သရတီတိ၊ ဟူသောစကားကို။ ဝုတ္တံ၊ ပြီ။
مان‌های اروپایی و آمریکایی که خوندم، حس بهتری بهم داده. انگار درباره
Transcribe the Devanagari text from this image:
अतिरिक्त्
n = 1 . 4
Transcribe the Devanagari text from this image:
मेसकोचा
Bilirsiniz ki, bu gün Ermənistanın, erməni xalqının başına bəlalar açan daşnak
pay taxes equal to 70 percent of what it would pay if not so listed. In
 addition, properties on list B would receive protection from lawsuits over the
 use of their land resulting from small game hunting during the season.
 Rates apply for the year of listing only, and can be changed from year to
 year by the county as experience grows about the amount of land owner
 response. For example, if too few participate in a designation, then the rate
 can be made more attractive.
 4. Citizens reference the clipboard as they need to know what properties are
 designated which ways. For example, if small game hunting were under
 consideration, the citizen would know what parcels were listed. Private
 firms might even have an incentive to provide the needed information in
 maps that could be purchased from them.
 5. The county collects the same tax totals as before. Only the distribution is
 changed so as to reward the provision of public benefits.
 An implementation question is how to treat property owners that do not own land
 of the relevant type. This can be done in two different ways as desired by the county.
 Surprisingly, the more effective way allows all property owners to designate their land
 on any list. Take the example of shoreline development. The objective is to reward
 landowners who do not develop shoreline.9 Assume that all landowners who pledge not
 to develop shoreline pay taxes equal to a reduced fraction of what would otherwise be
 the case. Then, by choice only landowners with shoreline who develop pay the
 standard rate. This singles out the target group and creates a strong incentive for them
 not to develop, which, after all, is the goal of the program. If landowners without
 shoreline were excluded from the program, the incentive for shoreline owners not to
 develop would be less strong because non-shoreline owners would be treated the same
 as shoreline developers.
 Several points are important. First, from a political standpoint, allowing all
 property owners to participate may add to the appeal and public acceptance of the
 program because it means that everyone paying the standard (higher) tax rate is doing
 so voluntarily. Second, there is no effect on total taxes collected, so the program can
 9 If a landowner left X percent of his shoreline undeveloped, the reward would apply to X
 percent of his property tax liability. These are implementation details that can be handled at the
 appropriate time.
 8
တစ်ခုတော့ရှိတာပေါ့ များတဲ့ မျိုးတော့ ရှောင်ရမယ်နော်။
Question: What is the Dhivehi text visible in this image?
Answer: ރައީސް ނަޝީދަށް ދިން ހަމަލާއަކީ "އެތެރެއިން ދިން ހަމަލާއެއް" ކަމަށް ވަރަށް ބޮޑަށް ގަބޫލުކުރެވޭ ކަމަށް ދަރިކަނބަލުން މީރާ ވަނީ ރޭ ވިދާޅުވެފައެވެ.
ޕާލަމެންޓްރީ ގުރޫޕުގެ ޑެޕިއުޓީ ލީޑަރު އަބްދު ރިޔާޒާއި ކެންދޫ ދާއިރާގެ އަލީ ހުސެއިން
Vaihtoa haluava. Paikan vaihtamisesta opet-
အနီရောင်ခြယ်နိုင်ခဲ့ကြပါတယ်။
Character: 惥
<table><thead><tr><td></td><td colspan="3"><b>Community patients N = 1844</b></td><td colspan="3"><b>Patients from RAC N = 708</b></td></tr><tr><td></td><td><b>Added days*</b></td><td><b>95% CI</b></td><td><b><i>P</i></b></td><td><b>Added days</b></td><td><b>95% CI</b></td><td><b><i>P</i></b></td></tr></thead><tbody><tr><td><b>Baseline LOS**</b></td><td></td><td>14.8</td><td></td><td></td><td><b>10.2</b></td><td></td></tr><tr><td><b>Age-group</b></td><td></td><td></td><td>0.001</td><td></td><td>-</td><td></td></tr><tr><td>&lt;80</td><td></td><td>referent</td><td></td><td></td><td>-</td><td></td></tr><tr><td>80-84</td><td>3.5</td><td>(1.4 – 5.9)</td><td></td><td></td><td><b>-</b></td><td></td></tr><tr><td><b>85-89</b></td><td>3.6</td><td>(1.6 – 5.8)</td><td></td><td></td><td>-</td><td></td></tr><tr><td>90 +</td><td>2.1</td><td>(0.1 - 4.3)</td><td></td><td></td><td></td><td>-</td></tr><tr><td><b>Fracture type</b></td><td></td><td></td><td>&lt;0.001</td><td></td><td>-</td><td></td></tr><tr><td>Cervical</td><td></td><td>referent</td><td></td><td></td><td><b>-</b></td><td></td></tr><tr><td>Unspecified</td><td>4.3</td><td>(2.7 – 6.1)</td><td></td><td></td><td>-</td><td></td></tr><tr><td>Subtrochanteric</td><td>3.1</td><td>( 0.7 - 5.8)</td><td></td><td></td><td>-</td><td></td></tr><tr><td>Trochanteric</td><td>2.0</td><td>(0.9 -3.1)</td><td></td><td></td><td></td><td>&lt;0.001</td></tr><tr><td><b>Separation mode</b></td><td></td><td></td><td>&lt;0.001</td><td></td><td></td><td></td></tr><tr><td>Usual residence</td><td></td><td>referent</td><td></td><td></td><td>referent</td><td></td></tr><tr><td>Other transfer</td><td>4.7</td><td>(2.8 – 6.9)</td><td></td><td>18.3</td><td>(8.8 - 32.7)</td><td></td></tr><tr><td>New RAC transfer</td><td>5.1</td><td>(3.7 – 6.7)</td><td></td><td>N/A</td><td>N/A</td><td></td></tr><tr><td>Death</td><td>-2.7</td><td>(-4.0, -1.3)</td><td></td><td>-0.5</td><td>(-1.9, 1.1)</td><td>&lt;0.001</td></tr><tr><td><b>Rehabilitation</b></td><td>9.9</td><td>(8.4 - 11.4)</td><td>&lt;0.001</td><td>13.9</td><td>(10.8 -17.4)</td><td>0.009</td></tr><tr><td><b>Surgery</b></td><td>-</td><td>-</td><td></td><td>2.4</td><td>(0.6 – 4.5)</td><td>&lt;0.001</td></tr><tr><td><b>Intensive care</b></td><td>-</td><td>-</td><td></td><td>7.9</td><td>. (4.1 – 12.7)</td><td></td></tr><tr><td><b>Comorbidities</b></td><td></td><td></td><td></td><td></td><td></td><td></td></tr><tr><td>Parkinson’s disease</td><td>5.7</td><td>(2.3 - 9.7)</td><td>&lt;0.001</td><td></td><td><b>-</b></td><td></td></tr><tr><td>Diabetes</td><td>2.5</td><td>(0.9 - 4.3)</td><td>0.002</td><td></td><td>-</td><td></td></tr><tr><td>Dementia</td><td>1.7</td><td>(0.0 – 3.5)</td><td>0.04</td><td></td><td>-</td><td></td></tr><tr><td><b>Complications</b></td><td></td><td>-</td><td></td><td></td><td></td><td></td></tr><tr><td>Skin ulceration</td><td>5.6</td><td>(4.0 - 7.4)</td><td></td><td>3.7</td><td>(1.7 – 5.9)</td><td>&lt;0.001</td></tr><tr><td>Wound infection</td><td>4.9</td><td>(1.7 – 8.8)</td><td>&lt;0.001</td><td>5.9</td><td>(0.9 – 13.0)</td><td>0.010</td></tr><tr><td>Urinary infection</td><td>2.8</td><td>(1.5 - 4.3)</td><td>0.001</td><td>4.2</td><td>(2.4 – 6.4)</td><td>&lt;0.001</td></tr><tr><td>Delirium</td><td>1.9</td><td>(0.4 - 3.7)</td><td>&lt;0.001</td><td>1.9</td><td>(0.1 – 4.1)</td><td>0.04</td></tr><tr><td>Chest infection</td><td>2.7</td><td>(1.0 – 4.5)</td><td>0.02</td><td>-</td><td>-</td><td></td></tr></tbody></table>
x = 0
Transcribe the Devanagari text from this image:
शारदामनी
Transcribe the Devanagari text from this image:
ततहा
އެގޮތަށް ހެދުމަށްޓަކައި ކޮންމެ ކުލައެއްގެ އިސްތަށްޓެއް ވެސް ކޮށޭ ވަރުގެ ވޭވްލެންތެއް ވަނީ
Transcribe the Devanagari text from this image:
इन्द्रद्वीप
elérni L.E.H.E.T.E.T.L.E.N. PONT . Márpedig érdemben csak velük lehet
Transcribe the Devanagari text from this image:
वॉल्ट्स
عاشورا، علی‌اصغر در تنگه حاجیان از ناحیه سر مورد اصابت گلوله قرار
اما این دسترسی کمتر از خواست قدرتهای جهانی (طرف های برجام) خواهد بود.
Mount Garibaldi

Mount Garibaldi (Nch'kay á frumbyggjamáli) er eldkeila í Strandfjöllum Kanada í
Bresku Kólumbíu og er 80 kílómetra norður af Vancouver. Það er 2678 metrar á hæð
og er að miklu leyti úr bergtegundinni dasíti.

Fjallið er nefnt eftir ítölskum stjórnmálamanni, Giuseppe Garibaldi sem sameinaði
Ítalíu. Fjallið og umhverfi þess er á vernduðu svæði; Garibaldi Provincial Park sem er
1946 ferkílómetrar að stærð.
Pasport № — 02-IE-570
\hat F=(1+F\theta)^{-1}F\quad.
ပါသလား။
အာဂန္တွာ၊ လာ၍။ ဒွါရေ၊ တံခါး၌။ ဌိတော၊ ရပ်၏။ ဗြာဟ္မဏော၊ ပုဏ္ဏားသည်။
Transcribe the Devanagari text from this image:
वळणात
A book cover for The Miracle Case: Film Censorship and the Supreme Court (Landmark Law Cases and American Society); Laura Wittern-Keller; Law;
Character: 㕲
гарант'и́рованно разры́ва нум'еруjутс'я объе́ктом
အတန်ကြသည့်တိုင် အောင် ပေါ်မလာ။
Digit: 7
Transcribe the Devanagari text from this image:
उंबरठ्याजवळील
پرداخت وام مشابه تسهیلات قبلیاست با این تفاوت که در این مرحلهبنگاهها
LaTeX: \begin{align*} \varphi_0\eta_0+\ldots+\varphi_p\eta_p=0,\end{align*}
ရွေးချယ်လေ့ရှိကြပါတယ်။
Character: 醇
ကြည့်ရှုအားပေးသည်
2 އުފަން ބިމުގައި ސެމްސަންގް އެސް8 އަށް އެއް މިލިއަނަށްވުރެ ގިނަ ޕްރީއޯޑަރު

━━━━━━

- Your goal
Starting at the line that has "designated which ways." in the records above, restate word for word every line until the one that has "Several points are", and include that one as well.

- Answer below
 designated which ways. For example, if small game hunting were under
 consideration, the citizen would know what parcels were listed. Private
 firms might even have an incentive to provide the needed information in
 maps that could be purchased from them.
 5. The county collects the same tax totals as before. Only the distribution is
 changed so as to reward the provision of public benefits.
 An implementation question is how to treat property owners that do not own land
 of the relevant type. This can be done in two different ways as desired by the county.
 Surprisingly, the more effective way allows all property owners to designate their land
 on any list. Take the example of shoreline development. The objective is to reward
 landowners who do not develop shoreline.9 Assume that all landowners who pledge not
 to develop shoreline pay taxes equal to a reduced fraction of what would otherwise be
 the case. Then, by choice only landowners with shoreline who develop pay the
 standard rate. This singles out the target group and creates a strong incentive for them
 not to develop, which, after all, is the goal of the program. If landowners without
 shoreline were excluded from the program, the incentive for shoreline owners not to
 develop would be less strong because non-shoreline owners would be treated the same
 as shoreline developers.
 Several points are important. First, from a political standpoint, allowing all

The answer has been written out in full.